How could I have not found this before?

Oscar Wilde essay on socialism.

Like almost all of Wilde, for me, it's beautiful, but the real value of it lies in what you find yourself saying when you argue against its ludicrousness and its impossibilities. The man was the best devil's advocate I have ever read.

I'll probably have to write something about this once I refine my reactions into something sensible.

Saturday, September 24, 2011

continuing the link spam...

Excellent article about that "conservatives and liberals have different brains!" thing.

Neuroscience reporting usually bothers me immensely, because there's a tendency to blow the most minor statistical findings ridiculously out of proportion -- you see this with gender and sexuality especially; it seems to bring out every reporter's inner love of the Mars/Venus metaphor. "Gosh, men have slightly more active ___ than women. BLAH BLAH CAVEMEN SMASH MEN ARE MANLY MEN AND WOMEN ARE GIRLY GIRLY GIRLS."

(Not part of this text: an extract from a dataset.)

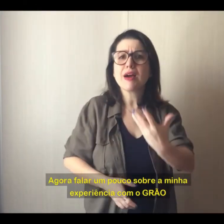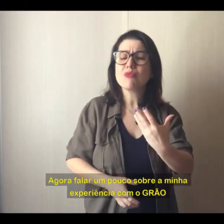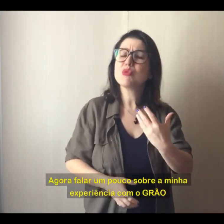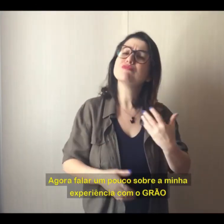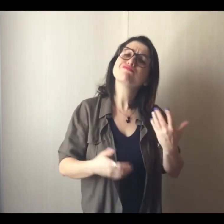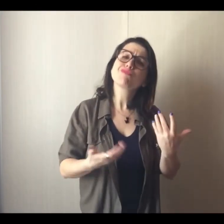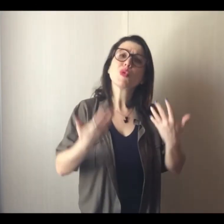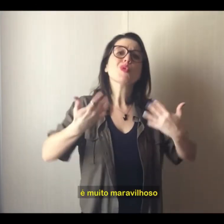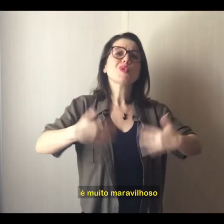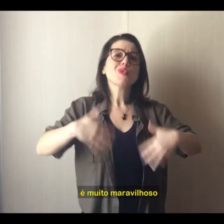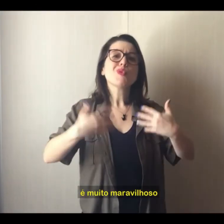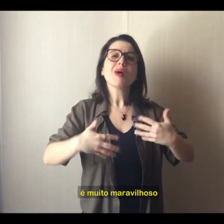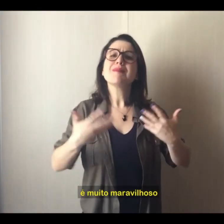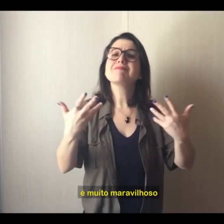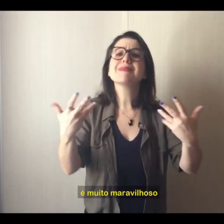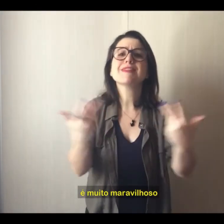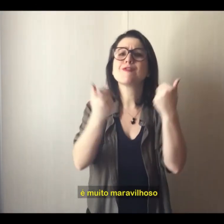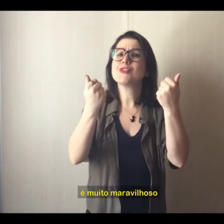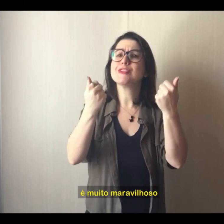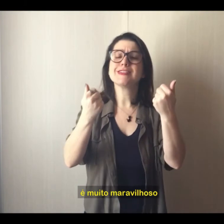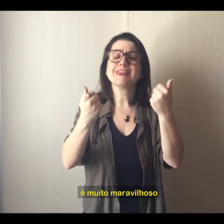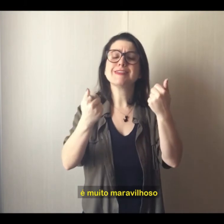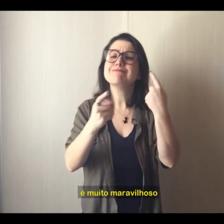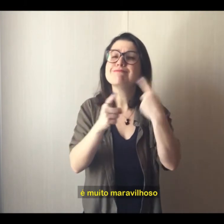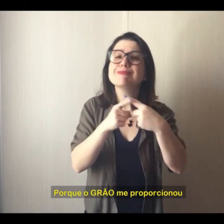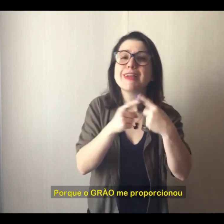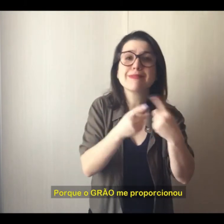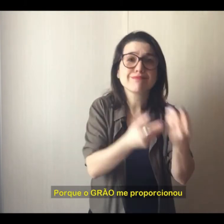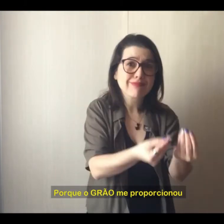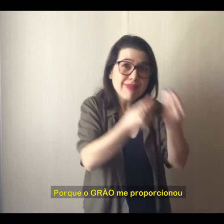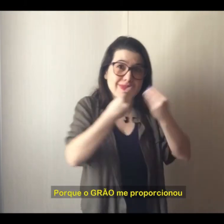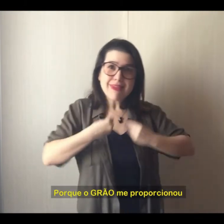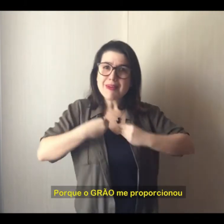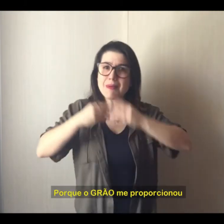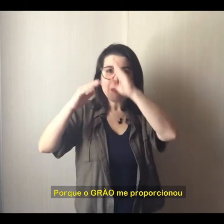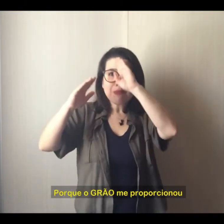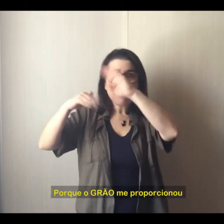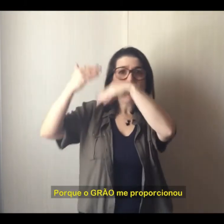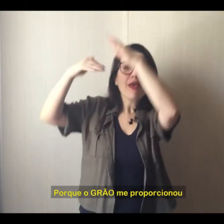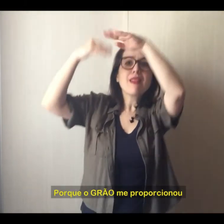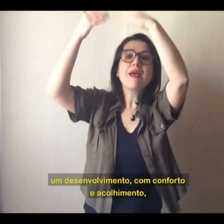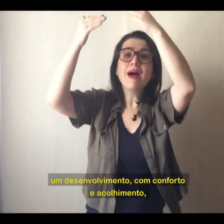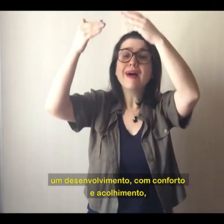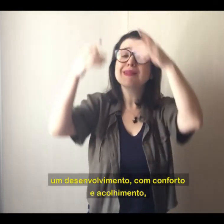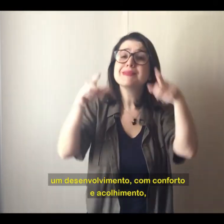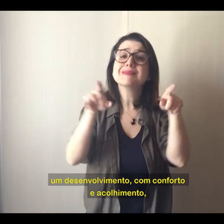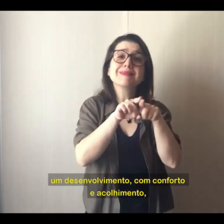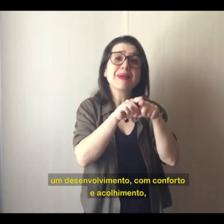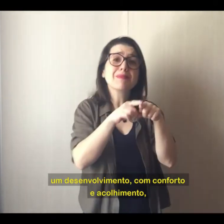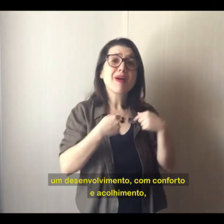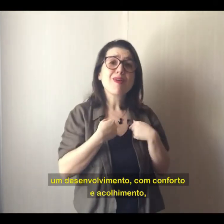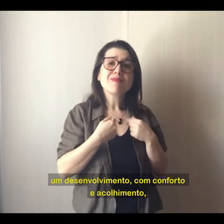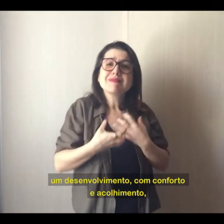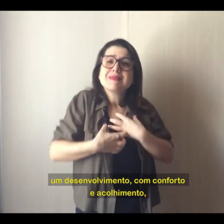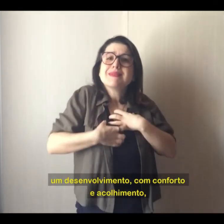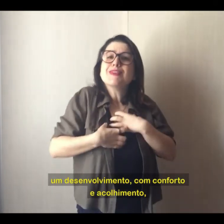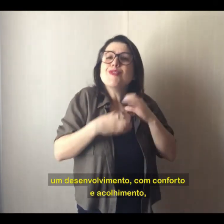grão é muito maravilhoso, porque o grão me proporcionou um desenvolvimento com
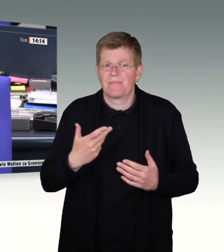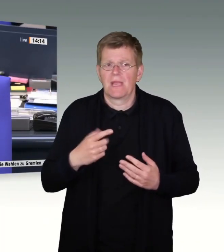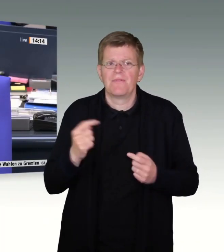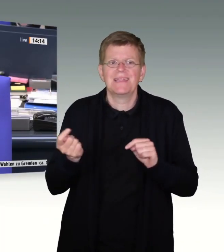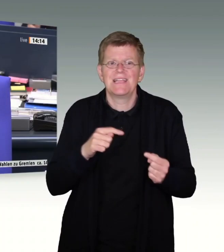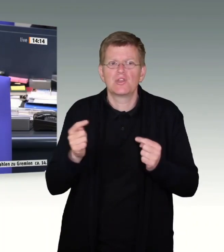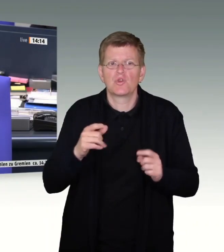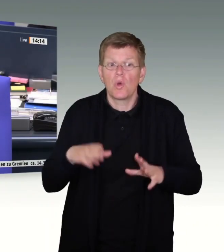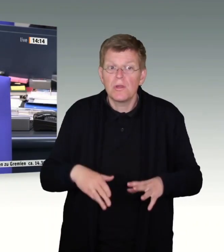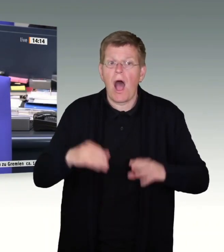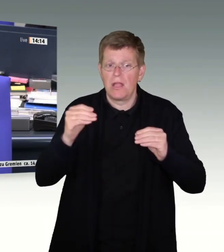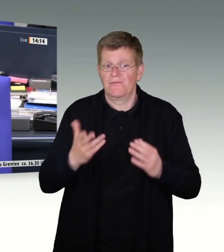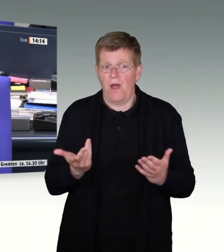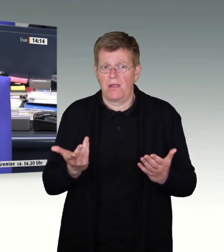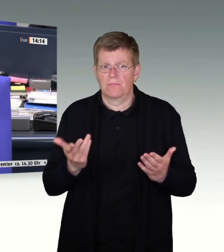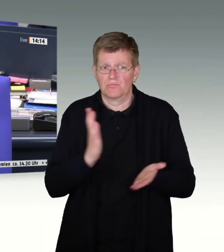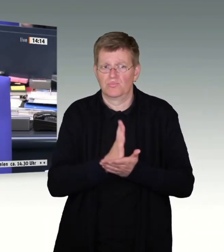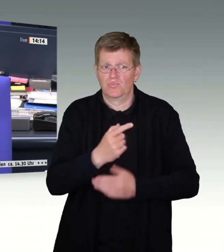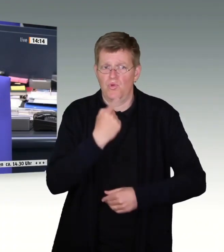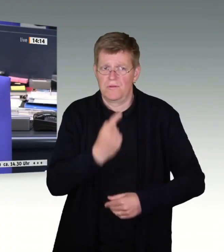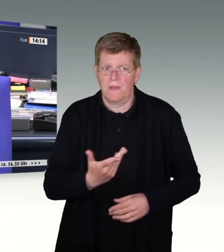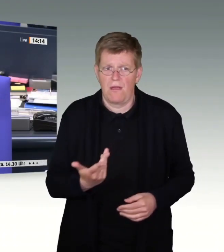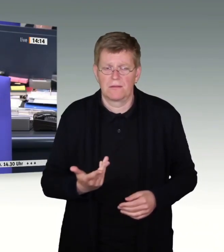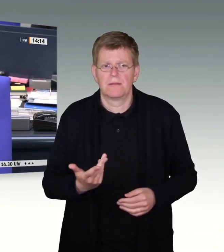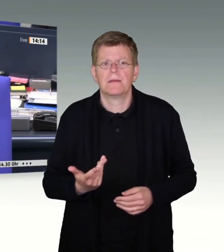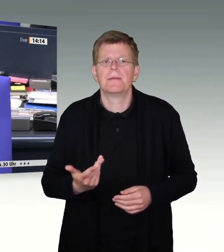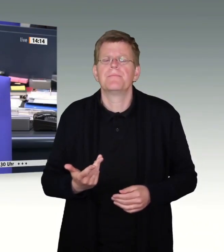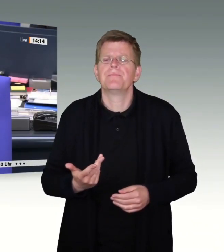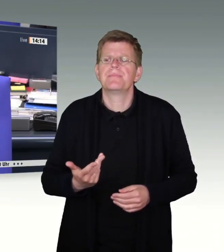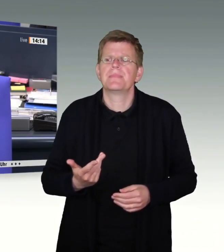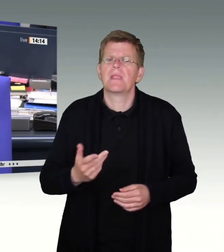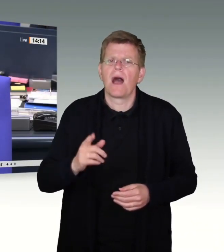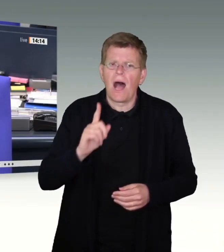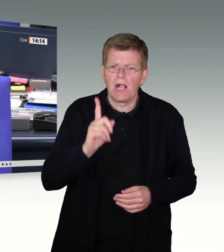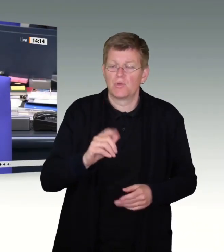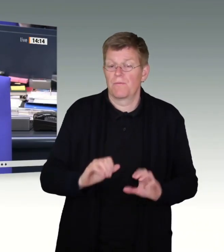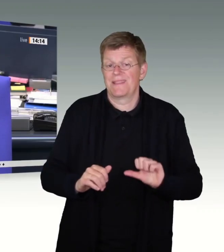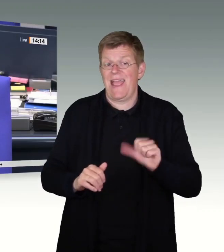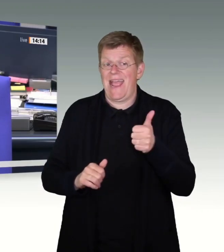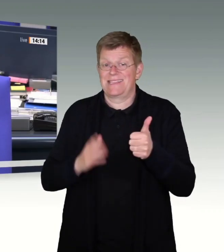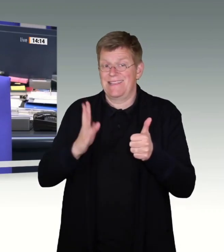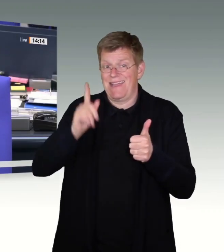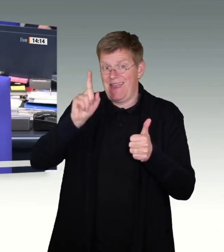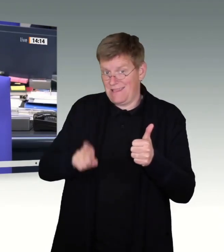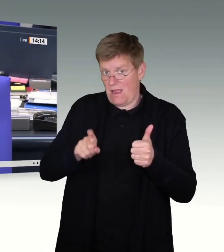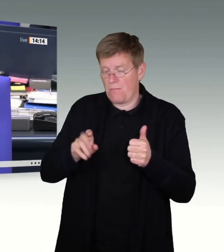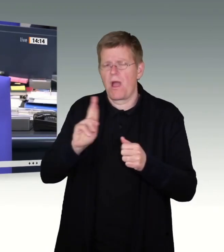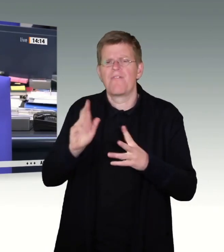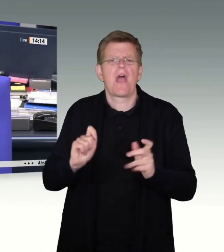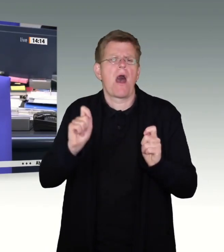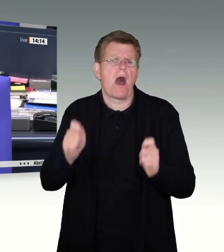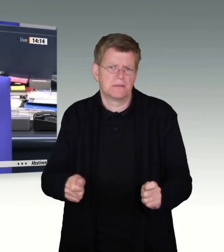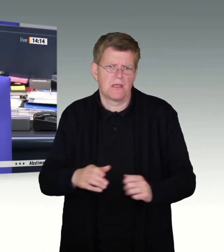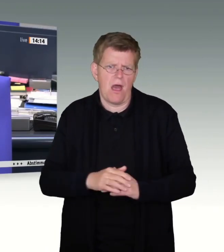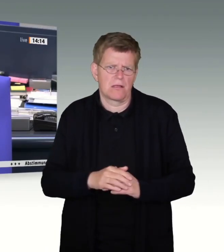bevor ich sie eröffnet habe, dafür gesorgt, dass auch der erste Redner der antragstellenden Fraktion die

Or in this case, "BLAH BLAH LIBERALS ARE SUPER EVOLVED LOGICAL THINKERS AND CONSERVATIVES ARE OVEREMOTIONAL SCAREDYCATS," which (1) I might be a liberal, but wow, way to be an insulting asshole; and (2) doesn't science have a bad enough rep with the Republican party as it is? Let's not undermine ourselves here.

...Not to say that every reporter (or blogger) does this, but when people have their biases apparently supported by Hard Scientific Data, it's amazing how fast the stereotypes and just-so fairytales appear.

Anyway, this article does a very good job of explaining the observed patterns in the data, links to a good critique of the studies involved, and finishes by suggesting some implications for cross-party communication and framing. It's cogent, well-researched, reasonable and actually useful - very worth a look!

Friday, September 23, 2011

...oh god

The Postmodernism Generator

I actually wrote a paper that read like this in an upper-division English class once. I was trying to satirize the Godawful theory readings that our professor was loading us down with.

... got an A+ and my professor asked me if I'd considered grad school.

It's a shame I'm not cynical enough to keep it up, really.

(via pharyngula's comment section)

Barry Hughart, "The Story of the Stone"

Whoops. Hello there, blog!

I happened across the first Chronicle of Master Li and Number Ten Ox, Bridge of Birds, several years back in a used bookstore in Arizona, but I wasn't able to get my hands on the others until I recently found an excellent deal for the Kindle omnibus - $9.99 for all three books. At less than $3.50 a novel, this is right in my preferred used-bookstore price range, so I sprang for it...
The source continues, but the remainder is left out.